[Data excerpts]
○ ○ ○
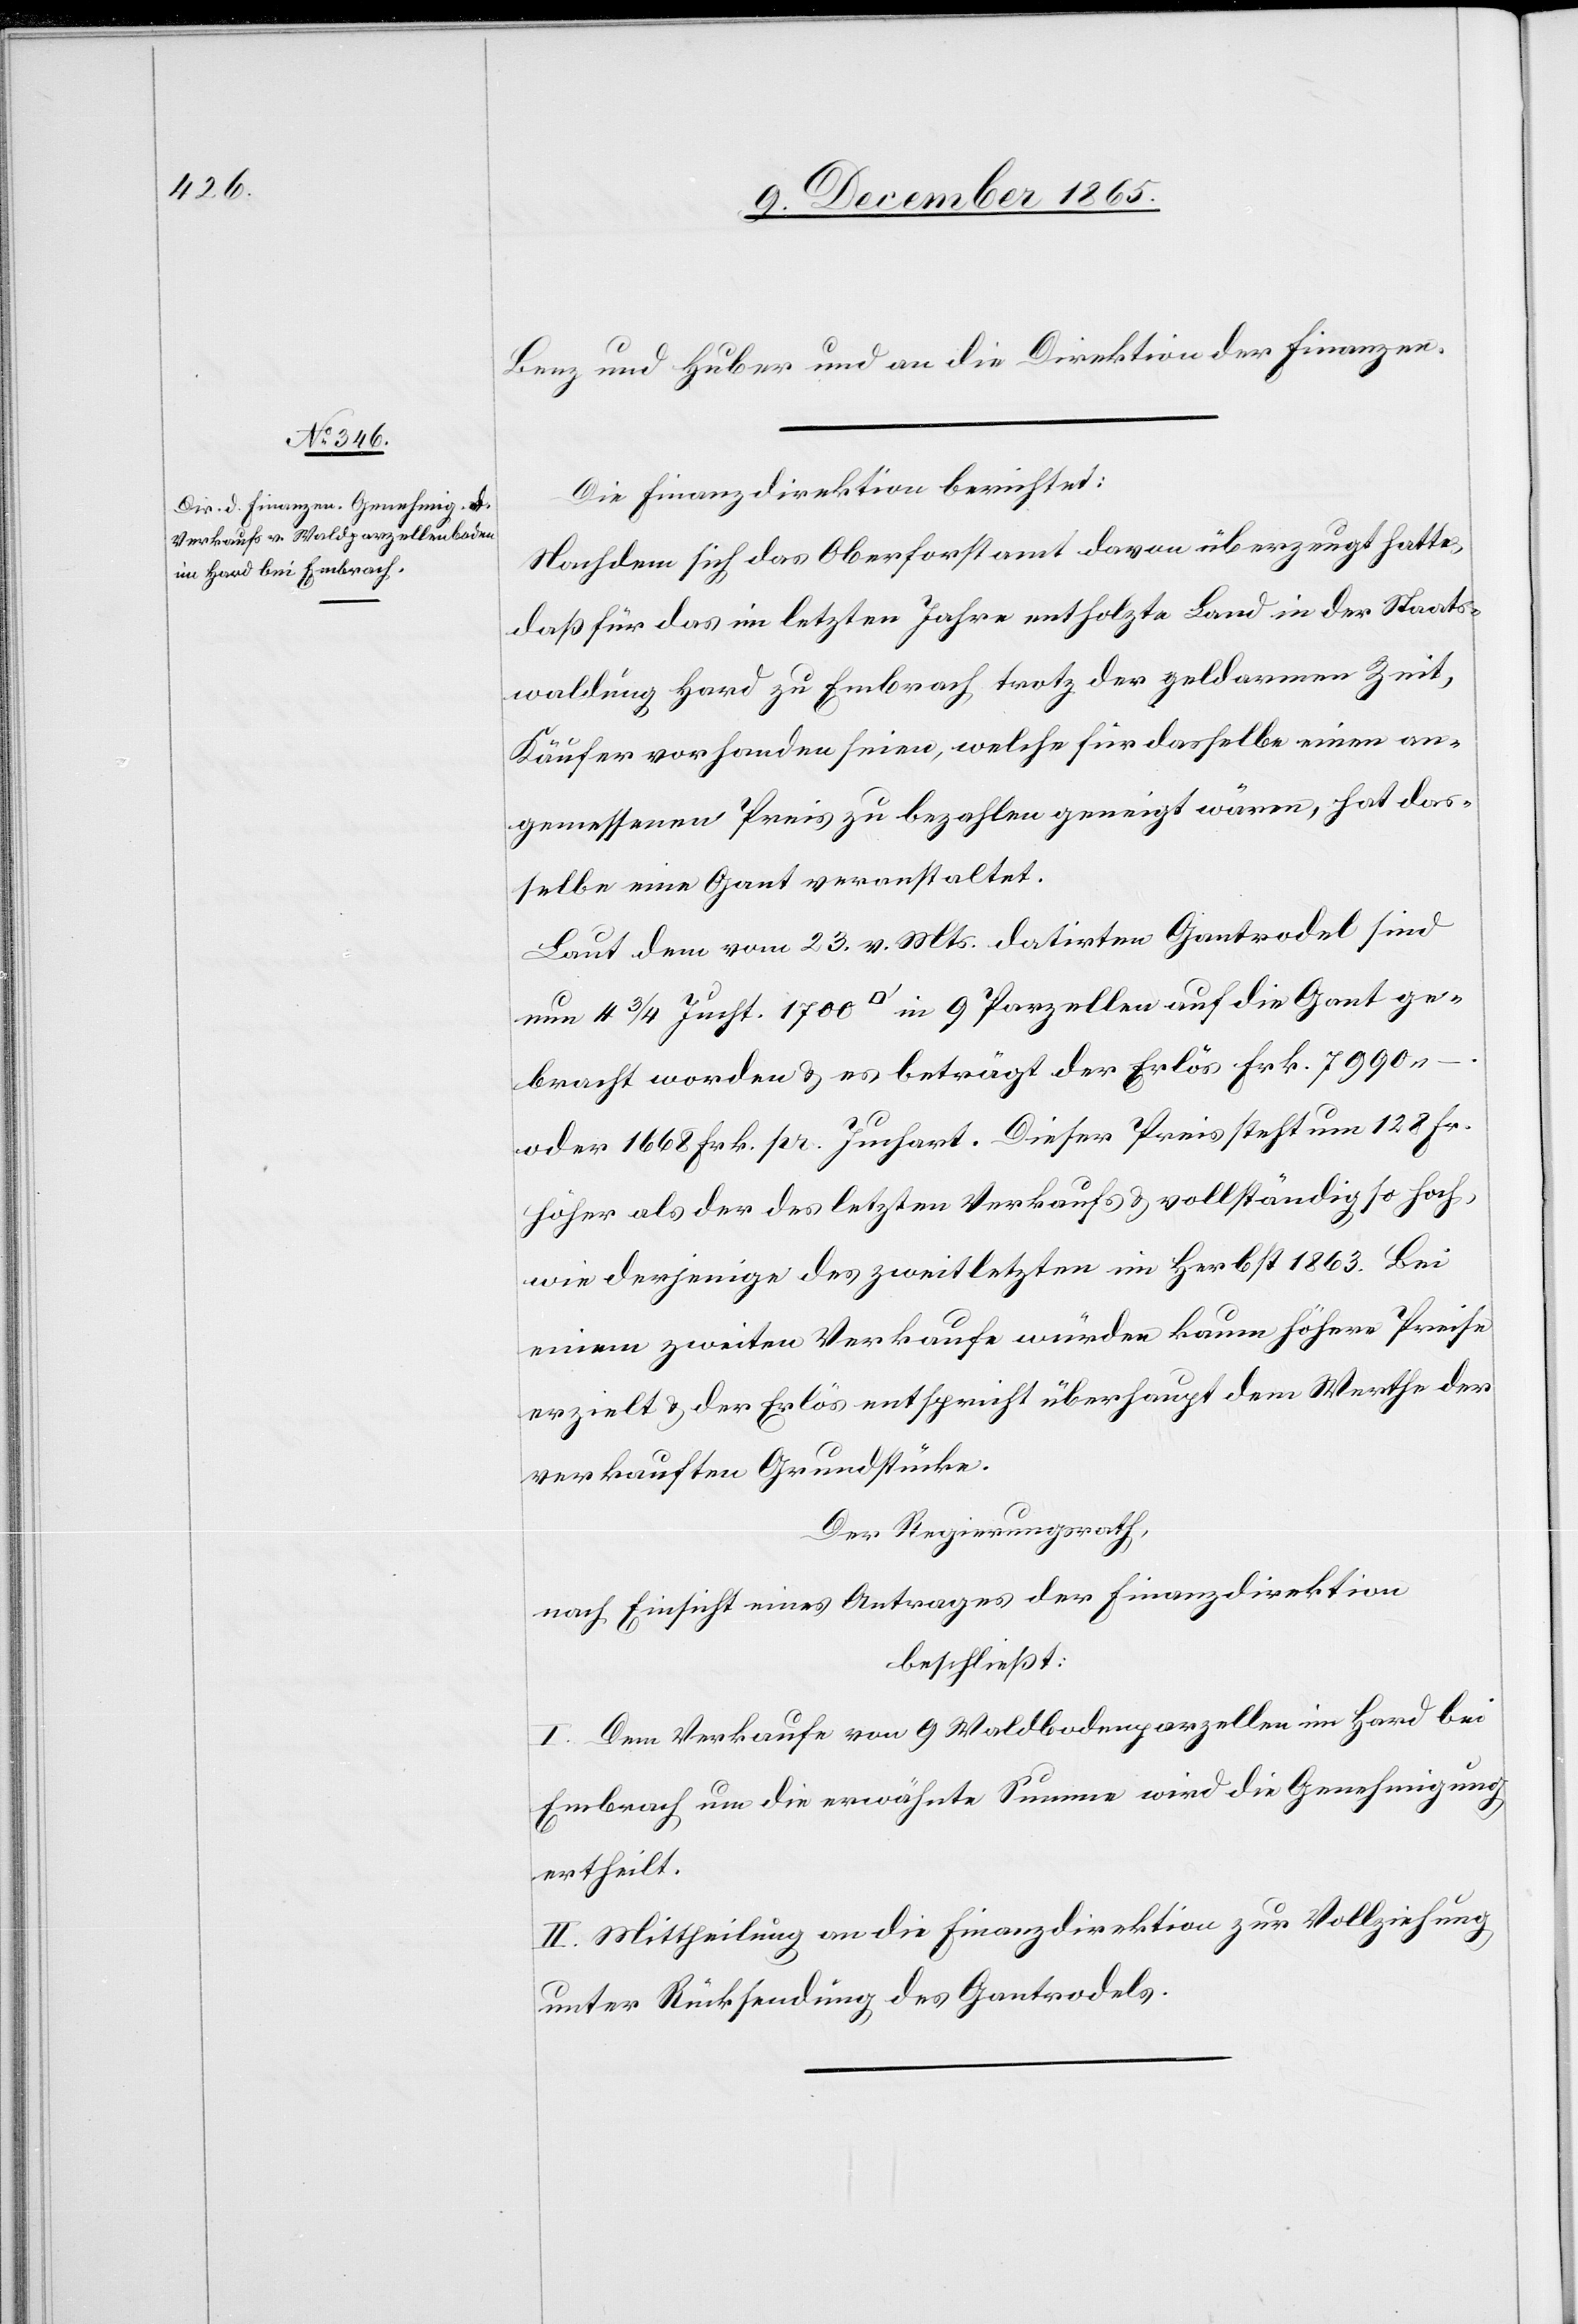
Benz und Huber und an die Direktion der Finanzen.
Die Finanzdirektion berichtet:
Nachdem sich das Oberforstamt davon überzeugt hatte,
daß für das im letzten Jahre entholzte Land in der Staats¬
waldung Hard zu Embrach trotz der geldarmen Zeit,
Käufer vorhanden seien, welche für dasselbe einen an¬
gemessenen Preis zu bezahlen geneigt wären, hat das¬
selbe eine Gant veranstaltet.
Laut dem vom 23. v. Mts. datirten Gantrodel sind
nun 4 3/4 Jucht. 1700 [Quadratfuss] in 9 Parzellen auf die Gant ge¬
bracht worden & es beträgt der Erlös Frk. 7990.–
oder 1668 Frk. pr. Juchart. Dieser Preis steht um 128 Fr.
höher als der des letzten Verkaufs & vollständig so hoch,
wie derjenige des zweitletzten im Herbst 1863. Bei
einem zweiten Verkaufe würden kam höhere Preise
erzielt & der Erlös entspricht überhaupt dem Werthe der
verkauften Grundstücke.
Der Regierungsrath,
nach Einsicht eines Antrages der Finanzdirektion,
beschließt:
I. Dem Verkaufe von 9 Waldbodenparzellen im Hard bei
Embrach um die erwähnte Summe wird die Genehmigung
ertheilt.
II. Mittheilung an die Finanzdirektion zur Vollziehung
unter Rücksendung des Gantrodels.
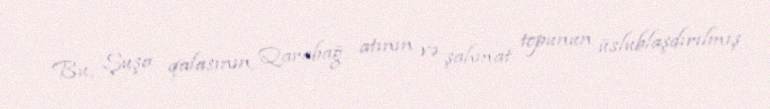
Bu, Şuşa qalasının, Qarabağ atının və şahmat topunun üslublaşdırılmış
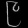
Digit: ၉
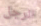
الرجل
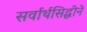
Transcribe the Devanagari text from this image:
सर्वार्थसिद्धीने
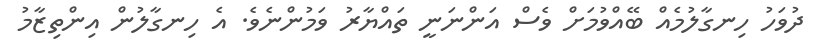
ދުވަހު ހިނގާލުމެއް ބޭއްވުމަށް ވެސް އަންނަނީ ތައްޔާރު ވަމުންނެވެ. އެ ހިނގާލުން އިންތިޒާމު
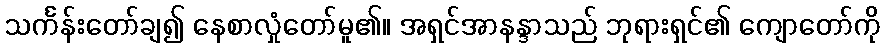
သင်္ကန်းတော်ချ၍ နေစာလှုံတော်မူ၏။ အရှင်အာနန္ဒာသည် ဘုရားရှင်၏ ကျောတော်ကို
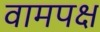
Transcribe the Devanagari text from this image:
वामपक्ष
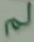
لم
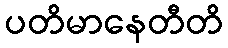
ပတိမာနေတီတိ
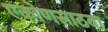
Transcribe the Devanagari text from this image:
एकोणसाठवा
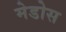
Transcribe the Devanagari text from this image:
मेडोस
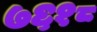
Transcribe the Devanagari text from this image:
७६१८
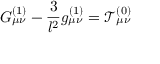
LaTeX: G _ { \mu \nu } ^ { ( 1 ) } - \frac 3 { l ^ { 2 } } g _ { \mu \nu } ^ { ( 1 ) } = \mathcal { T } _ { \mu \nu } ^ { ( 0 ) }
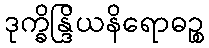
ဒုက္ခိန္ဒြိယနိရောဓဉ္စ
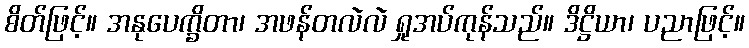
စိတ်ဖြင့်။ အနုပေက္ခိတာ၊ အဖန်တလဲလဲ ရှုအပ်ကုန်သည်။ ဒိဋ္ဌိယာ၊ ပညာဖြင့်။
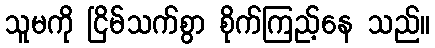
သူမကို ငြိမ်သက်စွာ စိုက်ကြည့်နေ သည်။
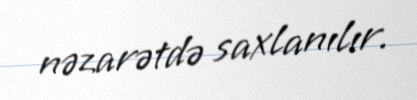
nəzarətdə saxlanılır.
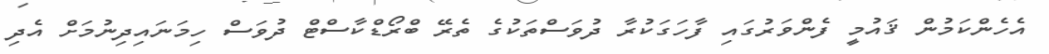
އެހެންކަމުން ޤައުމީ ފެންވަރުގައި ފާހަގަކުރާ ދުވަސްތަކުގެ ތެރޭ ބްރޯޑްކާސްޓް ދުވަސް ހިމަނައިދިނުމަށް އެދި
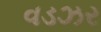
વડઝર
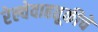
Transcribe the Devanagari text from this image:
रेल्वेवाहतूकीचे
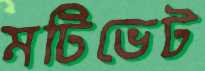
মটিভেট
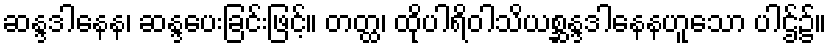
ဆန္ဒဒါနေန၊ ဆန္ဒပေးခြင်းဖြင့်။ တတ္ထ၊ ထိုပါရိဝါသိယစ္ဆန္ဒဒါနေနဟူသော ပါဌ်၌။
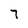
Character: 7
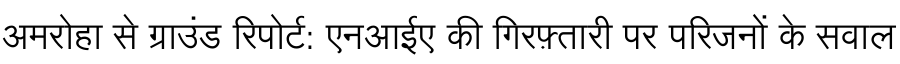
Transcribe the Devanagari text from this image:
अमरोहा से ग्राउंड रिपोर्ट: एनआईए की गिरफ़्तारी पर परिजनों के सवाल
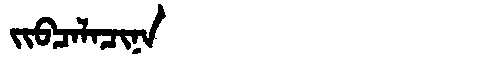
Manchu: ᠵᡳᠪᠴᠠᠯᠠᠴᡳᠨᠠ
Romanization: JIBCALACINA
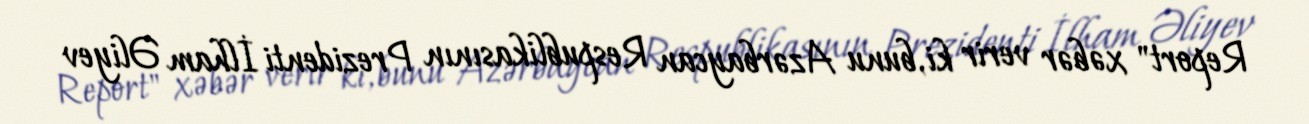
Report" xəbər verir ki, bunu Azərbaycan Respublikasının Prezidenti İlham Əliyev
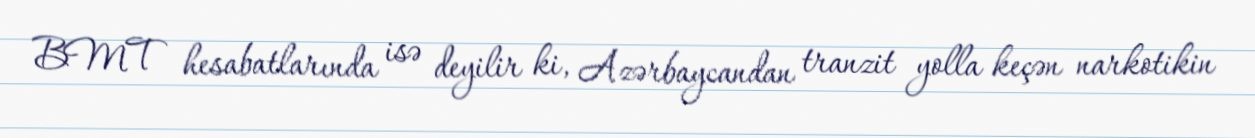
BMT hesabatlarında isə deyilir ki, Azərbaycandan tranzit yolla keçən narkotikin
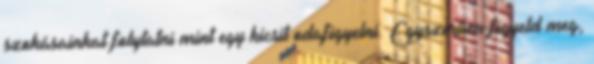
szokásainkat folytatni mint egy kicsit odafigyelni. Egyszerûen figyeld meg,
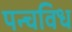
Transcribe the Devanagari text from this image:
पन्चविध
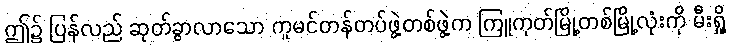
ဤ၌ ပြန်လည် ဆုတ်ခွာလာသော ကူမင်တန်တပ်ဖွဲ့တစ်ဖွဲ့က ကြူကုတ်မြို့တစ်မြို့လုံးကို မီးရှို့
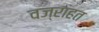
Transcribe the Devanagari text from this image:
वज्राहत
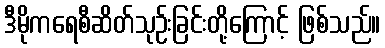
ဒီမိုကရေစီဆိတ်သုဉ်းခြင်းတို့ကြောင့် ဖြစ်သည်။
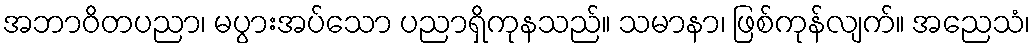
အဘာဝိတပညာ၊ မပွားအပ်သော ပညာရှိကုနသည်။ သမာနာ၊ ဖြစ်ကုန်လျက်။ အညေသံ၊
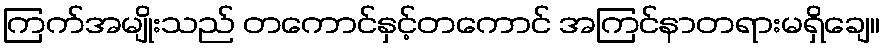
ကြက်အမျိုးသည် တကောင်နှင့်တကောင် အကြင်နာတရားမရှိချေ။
○ ○ ○
Problem to solve -
Copy out all the records exactly, excluding pictures.

Solution below -
Benz und Huber und an die Direktion der Finanzen.
Die Finanzdirektion berichtet:
Nachdem sich das Oberforstamt davon überzeugt hatte,
daß für das im letzten Jahre entholzte Land in der Staats¬
waldung Hard zu Embrach trotz der geldarmen Zeit,
Käufer vorhanden seien, welche für dasselbe einen an¬
gemessenen Preis zu bezahlen geneigt wären, hat das¬
selbe eine Gant veranstaltet.
Laut dem vom 23. v. Mts. datirten Gantrodel sind
nun 4 3/4 Jucht. 1700 [Quadratfuss] in 9 Parzellen auf die Gant ge¬
bracht worden & es beträgt der Erlös Frk. 7990.–
oder 1668 Frk. pr. Juchart. Dieser Preis steht um 128 Fr.
höher als der des letzten Verkaufs & vollständig so hoch,
wie derjenige des zweitletzten im Herbst 1863. Bei
einem zweiten Verkaufe würden kam höhere Preise
erzielt & der Erlös entspricht überhaupt dem Werthe der
verkauften Grundstücke.
Der Regierungsrath,
nach Einsicht eines Antrages der Finanzdirektion,
beschließt:
I. Dem Verkaufe von 9 Waldbodenparzellen im Hard bei
Embrach um die erwähnte Summe wird die Genehmigung
ertheilt.
II. Mittheilung an die Finanzdirektion zur Vollziehung
unter Rücksendung des Gantrodels.
Bu, Şuşa qalasının, Qarabağ atının və şahmat topunun üslublaşdırılmış
Digit: ၉
الرجل
Transcribe the Devanagari text from this image:
सर्वार्थसिद्धीने
ދުވަހު ހިނގާލުމެއް ބޭއްވުމަށް ވެސް އަންނަނީ ތައްޔާރު ވަމުންނެވެ. އެ ހިނގާލުން އިންތިޒާމު
သင်္ကန်းတော်ချ၍ နေစာလှုံတော်မူ၏။ အရှင်အာနန္ဒာသည် ဘုရားရှင်၏ ကျောတော်ကို
Transcribe the Devanagari text from this image:
वामपक्ष
لم
ပတိမာနေတီတိ
Transcribe the Devanagari text from this image:
एकोणसाठवा
Transcribe the Devanagari text from this image:
मेडोस
Transcribe the Devanagari text from this image:
७६१८
LaTeX: G _ { \mu \nu } ^ { ( 1 ) } - \frac 3 { l ^ { 2 } } g _ { \mu \nu } ^ { ( 1 ) } = \mathcal { T } _ { \mu \nu } ^ { ( 0 ) }
ဒုက္ခိန္ဒြိယနိရောဓဉ္စ
စိတ်ဖြင့်။ အနုပေက္ခိတာ၊ အဖန်တလဲလဲ ရှုအပ်ကုန်သည်။ ဒိဋ္ဌိယာ၊ ပညာဖြင့်။
သူမကို ငြိမ်သက်စွာ စိုက်ကြည့်နေ သည်။
nəzarətdə saxlanılır.
އެހެންކަމުން ޤައުމީ ފެންވަރުގައި ފާހަގަކުރާ ދުވަސްތަކުގެ ތެރޭ ބްރޯޑްކާސްޓް ދުވަސް ހިމަނައިދިނުމަށް އެދި
વડઝર
Transcribe the Devanagari text from this image:
रेल्वेवाहतूकीचे
মটিভেট
ဆန္ဒဒါနေန၊ ဆန္ဒပေးခြင်းဖြင့်။ တတ္ထ၊ ထိုပါရိဝါသိယစ္ဆန္ဒဒါနေနဟူသော ပါဌ်၌။
Character: 7
Transcribe the Devanagari text from this image:
अमरोहा से ग्राउंड रिपोर्ट: एनआईए की गिरफ़्तारी पर परिजनों के सवाल
Manchu: ᠵᡳᠪᠴᠠᠯᠠᠴᡳᠨᠠ
Romanization: JIBCALACINA
Report" xəbər verir ki, bunu Azərbaycan Respublikasının Prezidenti İlham Əliyev
BMT hesabatlarında isə deyilir ki, Azərbaycandan tranzit yolla keçən narkotikin
szokásainkat folytatni mint egy kicsit odafigyelni. Egyszerûen figyeld meg,
Transcribe the Devanagari text from this image:
पन्चविध
ဤ၌ ပြန်လည် ဆုတ်ခွာလာသော ကူမင်တန်တပ်ဖွဲ့တစ်ဖွဲ့က ကြူကုတ်မြို့တစ်မြို့လုံးကို မီးရှို့
Transcribe the Devanagari text from this image:
वज्राहत
ဒီမိုကရေစီဆိတ်သုဉ်းခြင်းတို့ကြောင့် ဖြစ်သည်။
အဘာဝိတပညာ၊ မပွားအပ်သော ပညာရှိကုနသည်။ သမာနာ၊ ဖြစ်ကုန်လျက်။ အညေသံ၊
ကြက်အမျိုးသည် တကောင်နှင့်တကောင် အကြင်နာတရားမရှိချေ။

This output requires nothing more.